» **Task brief**
Whenever a line in the records below holds the string "http", copy it out.

(Dataset entries)

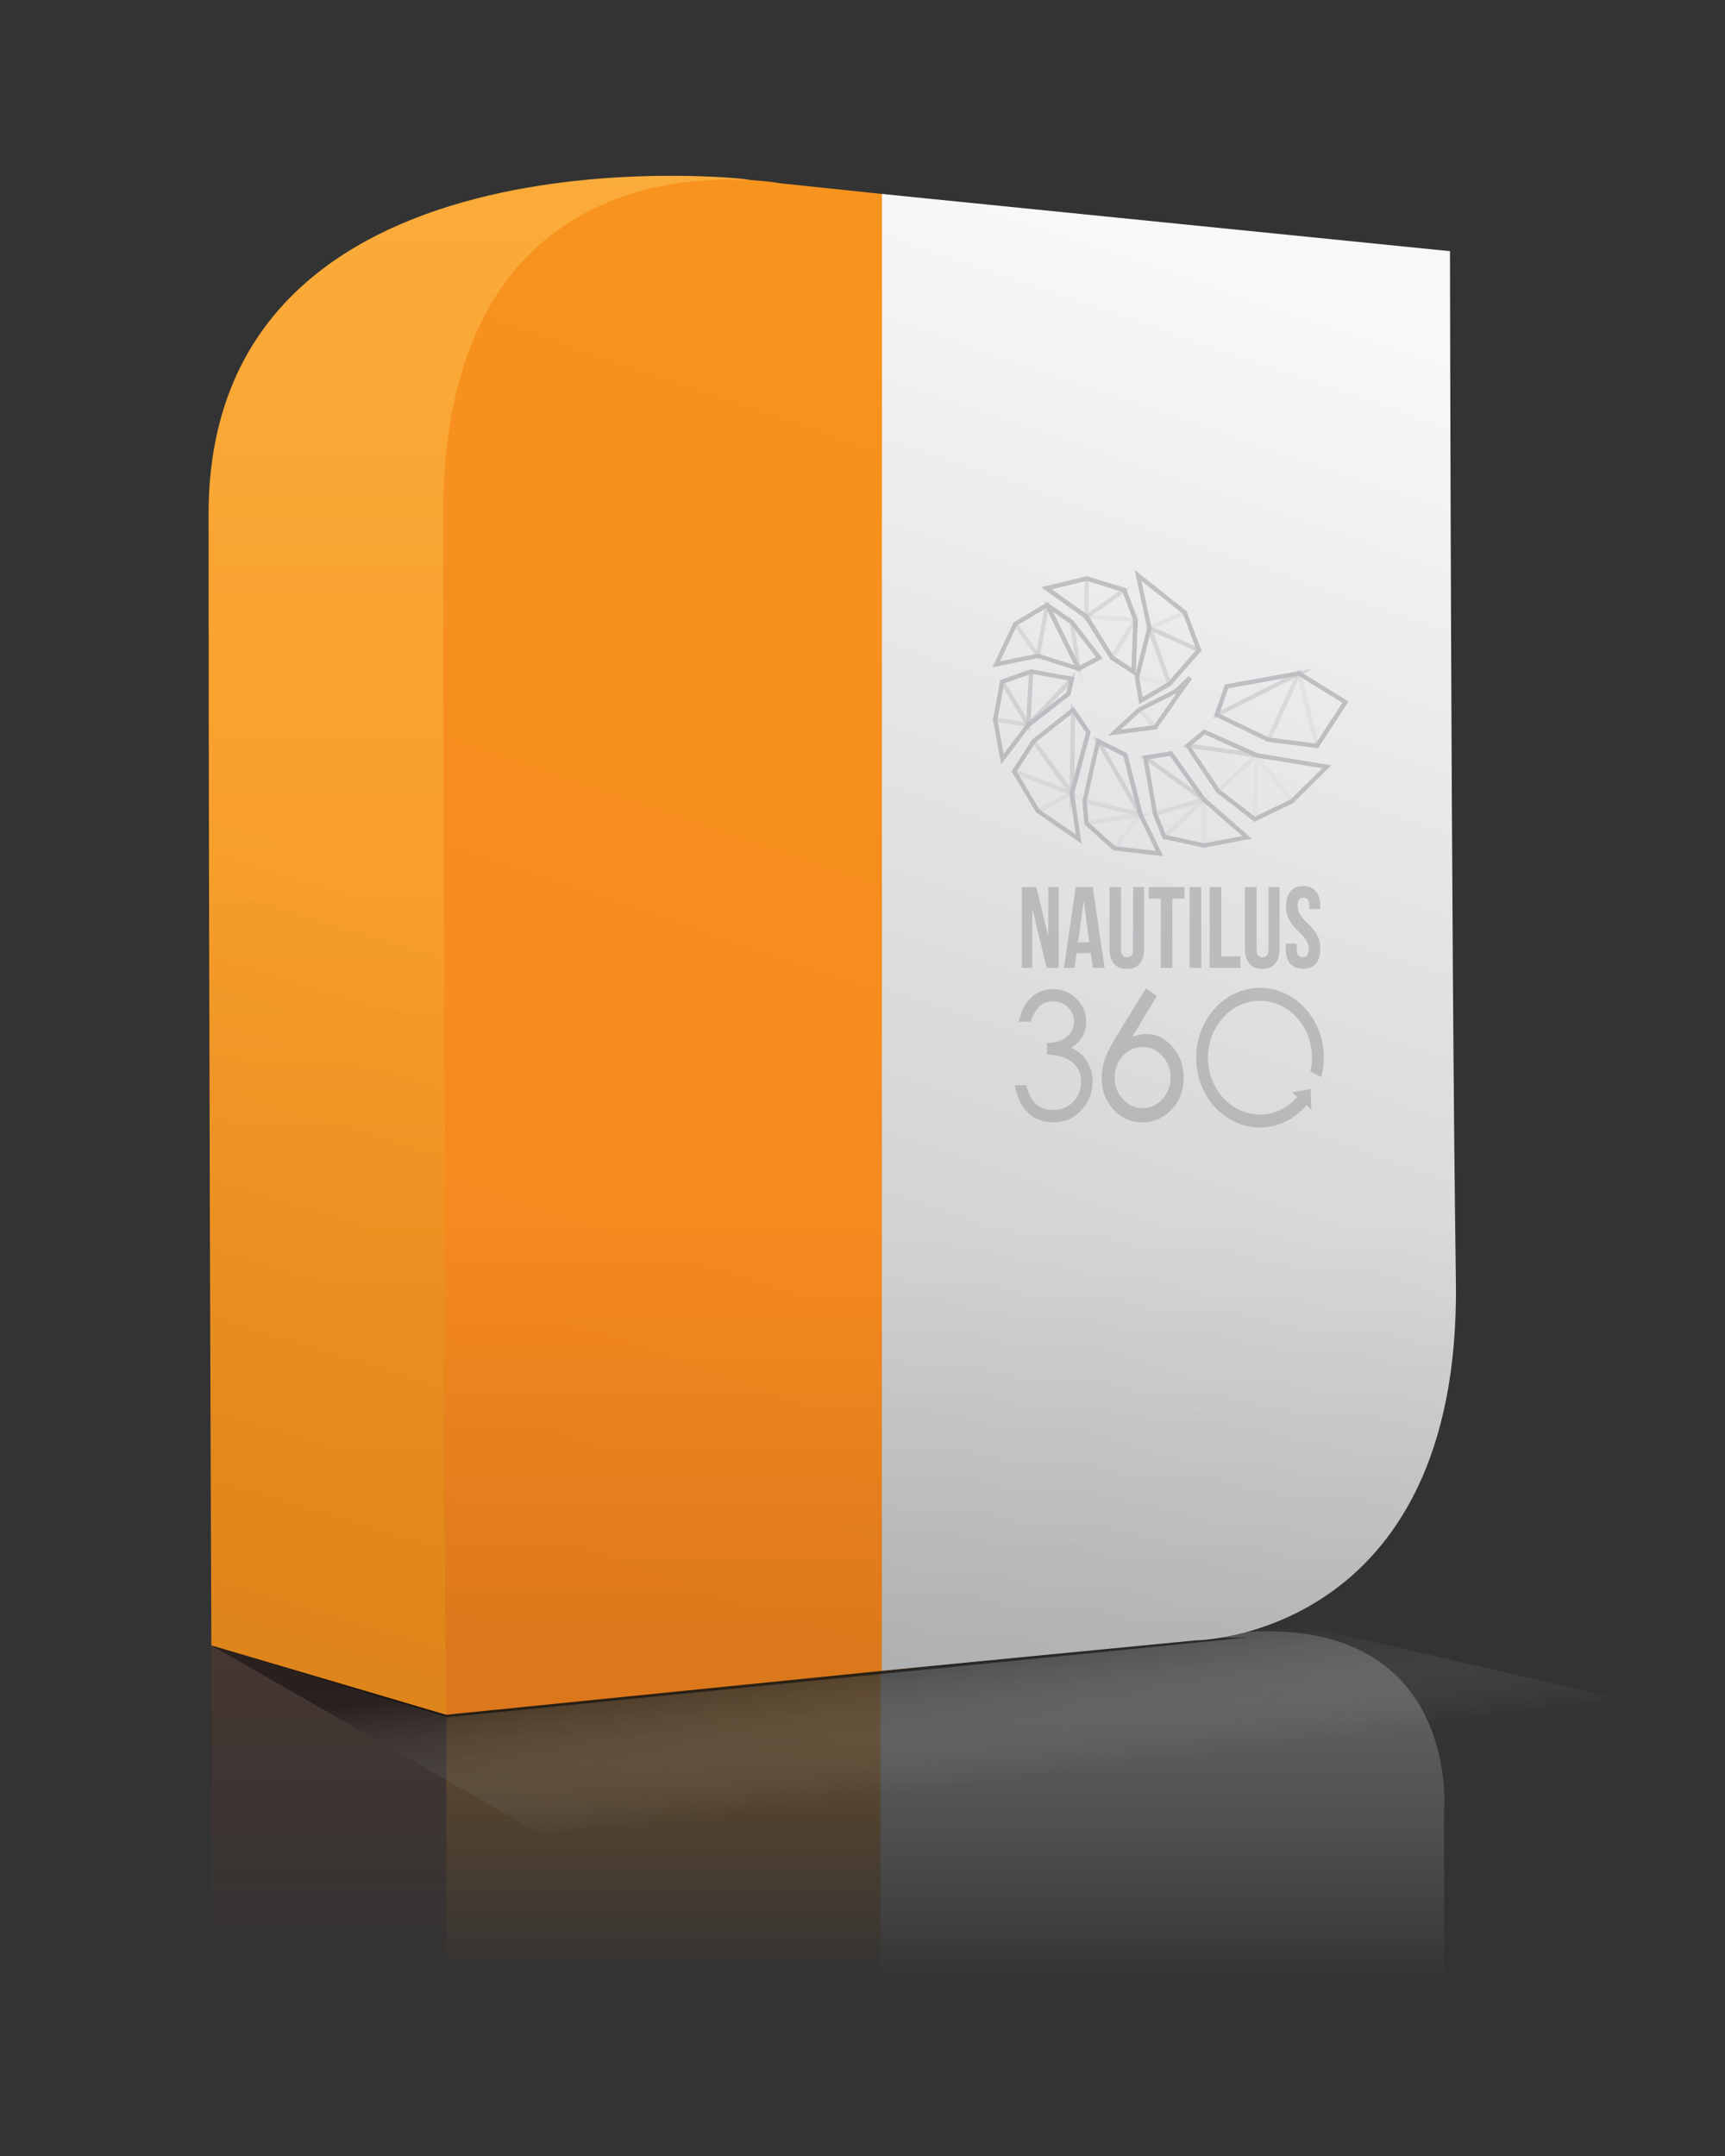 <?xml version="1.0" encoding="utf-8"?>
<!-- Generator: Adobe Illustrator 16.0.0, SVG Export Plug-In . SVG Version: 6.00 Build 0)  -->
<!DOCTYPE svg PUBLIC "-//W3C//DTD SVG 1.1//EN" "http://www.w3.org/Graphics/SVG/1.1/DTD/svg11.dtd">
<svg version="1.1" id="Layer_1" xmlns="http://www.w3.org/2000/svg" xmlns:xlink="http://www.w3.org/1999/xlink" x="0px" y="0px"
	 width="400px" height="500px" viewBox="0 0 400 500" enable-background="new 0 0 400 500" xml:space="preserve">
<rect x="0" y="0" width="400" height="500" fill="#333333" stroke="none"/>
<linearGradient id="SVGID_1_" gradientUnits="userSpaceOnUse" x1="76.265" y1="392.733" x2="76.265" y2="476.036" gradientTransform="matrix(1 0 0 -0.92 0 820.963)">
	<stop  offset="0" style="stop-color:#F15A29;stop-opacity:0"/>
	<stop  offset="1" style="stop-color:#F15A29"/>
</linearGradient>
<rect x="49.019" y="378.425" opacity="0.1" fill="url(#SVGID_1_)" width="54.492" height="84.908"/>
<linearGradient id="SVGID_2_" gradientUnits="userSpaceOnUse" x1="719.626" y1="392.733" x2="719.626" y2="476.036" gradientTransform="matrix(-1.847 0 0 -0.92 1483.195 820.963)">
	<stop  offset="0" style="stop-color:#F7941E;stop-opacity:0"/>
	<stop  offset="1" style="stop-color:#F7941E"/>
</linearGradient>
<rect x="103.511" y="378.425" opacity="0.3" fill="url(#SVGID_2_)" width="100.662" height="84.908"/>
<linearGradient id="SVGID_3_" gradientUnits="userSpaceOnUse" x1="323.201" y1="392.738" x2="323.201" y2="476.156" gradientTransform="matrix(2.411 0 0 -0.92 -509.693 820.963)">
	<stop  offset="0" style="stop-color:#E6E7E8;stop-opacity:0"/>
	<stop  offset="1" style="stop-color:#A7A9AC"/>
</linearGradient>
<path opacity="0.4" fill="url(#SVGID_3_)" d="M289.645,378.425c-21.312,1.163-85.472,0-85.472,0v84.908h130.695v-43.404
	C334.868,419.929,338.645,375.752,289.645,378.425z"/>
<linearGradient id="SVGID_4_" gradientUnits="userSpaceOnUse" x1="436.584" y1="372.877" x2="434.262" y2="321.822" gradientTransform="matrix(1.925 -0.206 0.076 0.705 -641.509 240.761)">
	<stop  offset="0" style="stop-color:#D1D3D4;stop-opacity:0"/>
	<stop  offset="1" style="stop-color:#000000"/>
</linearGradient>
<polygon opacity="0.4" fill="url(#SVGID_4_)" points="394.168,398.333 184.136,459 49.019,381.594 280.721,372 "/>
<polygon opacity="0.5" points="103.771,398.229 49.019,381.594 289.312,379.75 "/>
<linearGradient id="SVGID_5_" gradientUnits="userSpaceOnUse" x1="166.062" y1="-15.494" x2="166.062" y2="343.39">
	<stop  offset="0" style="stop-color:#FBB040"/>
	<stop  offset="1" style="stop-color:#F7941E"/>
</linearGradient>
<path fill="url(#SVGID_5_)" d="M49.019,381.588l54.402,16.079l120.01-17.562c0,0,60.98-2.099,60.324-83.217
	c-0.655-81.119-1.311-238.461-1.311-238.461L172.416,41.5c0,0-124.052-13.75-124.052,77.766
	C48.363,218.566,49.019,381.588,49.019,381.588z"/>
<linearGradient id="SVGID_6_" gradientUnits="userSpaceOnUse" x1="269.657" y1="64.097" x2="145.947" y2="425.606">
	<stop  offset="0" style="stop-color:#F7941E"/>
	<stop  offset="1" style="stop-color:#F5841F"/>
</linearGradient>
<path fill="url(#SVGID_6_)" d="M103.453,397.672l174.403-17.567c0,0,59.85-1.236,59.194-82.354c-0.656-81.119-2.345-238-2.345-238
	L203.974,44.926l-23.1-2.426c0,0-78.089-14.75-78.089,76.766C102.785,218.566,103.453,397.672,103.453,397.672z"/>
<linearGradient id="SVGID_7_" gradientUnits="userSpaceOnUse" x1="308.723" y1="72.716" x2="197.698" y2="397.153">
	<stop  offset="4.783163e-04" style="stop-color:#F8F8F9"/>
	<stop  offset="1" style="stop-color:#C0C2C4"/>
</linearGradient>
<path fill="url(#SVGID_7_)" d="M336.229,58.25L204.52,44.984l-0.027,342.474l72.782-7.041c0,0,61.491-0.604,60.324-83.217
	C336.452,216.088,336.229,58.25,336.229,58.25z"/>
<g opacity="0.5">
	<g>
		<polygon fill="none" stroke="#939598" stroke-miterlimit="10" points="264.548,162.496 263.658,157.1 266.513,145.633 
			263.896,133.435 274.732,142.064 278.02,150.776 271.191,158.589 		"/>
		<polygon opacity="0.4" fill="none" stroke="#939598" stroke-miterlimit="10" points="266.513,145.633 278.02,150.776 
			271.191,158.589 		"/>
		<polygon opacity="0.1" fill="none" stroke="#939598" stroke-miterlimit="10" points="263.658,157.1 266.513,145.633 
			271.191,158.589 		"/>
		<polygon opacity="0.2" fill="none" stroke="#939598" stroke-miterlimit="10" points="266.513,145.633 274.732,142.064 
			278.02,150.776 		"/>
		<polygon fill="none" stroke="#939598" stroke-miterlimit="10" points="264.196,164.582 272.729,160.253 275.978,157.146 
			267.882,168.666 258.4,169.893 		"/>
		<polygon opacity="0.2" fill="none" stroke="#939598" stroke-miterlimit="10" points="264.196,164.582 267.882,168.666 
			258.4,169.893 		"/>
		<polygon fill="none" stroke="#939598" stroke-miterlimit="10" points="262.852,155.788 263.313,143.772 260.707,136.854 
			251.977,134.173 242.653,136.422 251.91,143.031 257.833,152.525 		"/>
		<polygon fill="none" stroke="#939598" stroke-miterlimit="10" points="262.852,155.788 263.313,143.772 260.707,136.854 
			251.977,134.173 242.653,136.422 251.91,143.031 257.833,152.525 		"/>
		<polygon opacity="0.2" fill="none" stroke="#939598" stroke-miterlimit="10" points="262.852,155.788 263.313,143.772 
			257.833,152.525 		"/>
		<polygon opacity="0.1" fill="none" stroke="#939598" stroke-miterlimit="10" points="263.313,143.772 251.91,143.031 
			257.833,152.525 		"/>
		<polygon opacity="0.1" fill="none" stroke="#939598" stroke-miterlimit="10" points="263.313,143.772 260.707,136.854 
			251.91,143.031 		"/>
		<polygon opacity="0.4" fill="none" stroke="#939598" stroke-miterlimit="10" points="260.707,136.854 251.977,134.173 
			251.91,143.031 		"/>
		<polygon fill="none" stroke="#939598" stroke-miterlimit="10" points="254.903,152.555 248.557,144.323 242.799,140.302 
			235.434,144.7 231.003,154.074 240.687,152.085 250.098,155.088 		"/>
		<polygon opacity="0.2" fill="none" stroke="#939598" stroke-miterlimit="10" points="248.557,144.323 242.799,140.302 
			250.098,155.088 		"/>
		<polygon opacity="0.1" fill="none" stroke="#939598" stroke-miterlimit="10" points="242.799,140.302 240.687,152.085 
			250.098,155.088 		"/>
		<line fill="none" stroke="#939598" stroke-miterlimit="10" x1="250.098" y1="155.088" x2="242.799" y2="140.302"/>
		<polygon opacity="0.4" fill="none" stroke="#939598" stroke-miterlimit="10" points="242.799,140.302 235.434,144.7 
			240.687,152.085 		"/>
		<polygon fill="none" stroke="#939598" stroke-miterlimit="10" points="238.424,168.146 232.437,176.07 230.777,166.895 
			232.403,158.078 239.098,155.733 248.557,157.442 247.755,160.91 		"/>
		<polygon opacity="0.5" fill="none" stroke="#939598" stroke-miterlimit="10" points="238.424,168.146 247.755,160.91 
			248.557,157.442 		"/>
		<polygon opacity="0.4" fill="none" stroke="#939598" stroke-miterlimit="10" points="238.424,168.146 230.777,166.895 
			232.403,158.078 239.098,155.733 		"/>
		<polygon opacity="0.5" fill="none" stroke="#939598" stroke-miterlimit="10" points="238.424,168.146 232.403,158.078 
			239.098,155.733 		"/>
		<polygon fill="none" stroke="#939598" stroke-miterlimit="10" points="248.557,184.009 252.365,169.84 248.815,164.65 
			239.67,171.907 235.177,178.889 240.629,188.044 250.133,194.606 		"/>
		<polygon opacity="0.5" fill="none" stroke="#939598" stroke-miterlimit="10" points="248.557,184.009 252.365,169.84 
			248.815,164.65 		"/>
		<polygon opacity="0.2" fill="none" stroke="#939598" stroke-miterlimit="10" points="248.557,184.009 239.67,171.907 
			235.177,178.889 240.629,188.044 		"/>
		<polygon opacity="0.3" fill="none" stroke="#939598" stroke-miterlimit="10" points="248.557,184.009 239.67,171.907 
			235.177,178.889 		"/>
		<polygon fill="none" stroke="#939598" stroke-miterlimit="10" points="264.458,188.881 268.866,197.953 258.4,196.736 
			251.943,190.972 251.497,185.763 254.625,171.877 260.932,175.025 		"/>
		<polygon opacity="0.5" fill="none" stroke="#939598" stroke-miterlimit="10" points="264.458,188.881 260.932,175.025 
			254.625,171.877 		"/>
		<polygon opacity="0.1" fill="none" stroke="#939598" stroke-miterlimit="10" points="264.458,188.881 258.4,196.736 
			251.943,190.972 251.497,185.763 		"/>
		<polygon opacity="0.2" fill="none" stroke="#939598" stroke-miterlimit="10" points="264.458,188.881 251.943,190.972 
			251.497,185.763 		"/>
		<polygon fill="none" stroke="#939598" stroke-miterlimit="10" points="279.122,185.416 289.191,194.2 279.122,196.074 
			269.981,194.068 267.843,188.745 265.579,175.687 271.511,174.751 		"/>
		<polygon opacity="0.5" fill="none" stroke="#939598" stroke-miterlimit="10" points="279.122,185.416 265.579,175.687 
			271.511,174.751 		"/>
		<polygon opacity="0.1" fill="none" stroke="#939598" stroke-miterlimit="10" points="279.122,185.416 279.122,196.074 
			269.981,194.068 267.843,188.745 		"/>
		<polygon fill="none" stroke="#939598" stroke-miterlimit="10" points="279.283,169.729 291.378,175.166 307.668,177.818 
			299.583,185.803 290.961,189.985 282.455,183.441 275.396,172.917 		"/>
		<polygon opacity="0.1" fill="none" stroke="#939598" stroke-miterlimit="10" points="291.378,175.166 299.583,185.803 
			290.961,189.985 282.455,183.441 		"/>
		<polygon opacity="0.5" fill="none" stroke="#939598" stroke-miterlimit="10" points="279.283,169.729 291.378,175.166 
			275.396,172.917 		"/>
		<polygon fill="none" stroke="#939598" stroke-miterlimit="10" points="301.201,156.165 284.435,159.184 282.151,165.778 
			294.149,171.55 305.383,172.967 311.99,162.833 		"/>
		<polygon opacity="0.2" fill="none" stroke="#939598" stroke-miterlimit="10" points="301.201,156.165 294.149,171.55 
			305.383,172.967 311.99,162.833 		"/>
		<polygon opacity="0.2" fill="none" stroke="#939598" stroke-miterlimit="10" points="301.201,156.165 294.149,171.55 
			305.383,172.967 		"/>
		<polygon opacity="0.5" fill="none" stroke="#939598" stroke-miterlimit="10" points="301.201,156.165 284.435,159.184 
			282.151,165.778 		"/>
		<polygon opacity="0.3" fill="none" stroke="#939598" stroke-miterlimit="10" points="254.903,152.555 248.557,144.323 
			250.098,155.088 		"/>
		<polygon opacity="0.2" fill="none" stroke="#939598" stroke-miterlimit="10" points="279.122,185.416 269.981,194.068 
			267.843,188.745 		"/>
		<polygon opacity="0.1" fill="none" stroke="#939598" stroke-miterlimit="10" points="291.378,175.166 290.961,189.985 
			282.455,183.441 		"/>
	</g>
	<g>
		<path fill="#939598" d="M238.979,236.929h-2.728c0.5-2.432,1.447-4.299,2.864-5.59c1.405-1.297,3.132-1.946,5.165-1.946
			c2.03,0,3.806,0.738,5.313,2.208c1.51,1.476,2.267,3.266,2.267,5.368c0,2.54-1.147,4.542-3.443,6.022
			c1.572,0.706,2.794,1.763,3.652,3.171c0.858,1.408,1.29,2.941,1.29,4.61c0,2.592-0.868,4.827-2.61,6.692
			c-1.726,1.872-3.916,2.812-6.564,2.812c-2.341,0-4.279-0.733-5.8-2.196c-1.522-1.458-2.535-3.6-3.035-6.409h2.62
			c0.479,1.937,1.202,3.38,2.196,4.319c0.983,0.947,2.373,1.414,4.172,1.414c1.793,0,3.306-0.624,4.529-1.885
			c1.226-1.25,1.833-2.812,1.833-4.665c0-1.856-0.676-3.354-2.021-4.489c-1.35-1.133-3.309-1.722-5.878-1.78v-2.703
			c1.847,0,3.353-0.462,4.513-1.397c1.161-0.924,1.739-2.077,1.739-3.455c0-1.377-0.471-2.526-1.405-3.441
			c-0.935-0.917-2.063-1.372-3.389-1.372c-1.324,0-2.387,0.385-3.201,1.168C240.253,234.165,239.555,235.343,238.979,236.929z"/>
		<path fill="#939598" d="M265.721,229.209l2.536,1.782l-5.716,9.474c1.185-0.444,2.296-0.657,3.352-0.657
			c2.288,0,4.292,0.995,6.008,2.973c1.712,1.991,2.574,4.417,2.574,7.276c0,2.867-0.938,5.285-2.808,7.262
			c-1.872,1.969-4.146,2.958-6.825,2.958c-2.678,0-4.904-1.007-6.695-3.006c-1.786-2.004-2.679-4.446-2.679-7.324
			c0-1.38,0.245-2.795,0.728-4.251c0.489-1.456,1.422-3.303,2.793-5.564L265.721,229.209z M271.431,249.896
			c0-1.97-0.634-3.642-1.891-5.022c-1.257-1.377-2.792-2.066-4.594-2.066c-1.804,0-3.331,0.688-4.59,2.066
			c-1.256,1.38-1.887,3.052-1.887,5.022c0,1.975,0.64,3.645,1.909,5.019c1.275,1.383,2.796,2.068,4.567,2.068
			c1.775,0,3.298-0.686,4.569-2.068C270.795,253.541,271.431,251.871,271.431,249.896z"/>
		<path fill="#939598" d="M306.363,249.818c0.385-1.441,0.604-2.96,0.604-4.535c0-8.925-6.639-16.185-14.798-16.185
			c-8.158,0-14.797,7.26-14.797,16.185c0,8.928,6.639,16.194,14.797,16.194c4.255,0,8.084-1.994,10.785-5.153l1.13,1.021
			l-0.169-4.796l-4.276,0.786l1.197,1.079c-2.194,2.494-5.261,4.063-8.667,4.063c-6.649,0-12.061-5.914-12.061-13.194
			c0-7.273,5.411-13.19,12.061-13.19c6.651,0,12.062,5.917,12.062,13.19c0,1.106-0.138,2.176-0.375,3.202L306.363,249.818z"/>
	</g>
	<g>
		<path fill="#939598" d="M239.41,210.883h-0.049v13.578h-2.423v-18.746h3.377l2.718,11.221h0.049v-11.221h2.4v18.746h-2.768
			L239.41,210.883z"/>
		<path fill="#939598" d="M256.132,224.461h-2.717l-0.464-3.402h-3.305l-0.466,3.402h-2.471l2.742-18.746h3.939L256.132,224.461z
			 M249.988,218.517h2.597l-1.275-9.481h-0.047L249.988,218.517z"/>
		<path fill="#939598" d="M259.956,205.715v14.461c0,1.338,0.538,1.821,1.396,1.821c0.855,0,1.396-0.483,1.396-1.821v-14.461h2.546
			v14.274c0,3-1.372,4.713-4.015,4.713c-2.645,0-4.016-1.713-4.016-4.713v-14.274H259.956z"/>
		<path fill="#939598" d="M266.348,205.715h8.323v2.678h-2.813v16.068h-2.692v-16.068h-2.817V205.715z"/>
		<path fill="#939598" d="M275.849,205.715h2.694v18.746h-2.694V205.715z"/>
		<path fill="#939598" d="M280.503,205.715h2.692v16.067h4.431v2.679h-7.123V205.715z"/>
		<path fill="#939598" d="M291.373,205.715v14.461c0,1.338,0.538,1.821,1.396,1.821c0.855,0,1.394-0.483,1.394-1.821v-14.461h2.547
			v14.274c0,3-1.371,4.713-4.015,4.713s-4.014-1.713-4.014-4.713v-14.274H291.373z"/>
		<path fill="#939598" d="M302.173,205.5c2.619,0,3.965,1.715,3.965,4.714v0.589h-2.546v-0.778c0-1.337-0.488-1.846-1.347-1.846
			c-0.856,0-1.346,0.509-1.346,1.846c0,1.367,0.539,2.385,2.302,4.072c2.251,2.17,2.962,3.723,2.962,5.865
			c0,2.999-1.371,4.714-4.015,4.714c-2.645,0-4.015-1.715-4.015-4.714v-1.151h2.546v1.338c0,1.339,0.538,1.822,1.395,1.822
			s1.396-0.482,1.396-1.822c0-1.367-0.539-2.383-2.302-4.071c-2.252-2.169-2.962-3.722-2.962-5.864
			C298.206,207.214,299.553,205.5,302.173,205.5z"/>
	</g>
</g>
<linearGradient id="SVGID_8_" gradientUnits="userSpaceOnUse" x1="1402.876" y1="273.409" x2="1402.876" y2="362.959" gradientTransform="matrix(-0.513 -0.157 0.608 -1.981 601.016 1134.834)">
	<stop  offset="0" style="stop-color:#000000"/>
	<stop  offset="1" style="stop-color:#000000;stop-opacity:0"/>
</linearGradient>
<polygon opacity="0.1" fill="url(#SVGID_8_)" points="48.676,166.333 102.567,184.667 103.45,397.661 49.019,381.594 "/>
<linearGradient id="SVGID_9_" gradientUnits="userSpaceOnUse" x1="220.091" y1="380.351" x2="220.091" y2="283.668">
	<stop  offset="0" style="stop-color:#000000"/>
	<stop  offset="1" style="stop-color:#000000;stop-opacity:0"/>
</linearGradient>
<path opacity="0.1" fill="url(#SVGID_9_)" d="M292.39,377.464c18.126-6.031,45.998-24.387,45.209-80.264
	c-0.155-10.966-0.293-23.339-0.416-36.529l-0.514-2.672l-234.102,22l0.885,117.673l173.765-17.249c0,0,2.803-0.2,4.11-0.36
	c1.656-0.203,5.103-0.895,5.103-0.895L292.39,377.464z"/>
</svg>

(End Dataset entries)

» **Answer section**
<!DOCTYPE svg PUBLIC "-//W3C//DTD SVG 1.1//EN" "http://www.w3.org/Graphics/SVG/1.1/DTD/svg11.dtd">
<svg version="1.1" id="Layer_1" xmlns="http://www.w3.org/2000/svg" xmlns:xlink="http://www.w3.org/1999/xlink" x="0px" y="0px"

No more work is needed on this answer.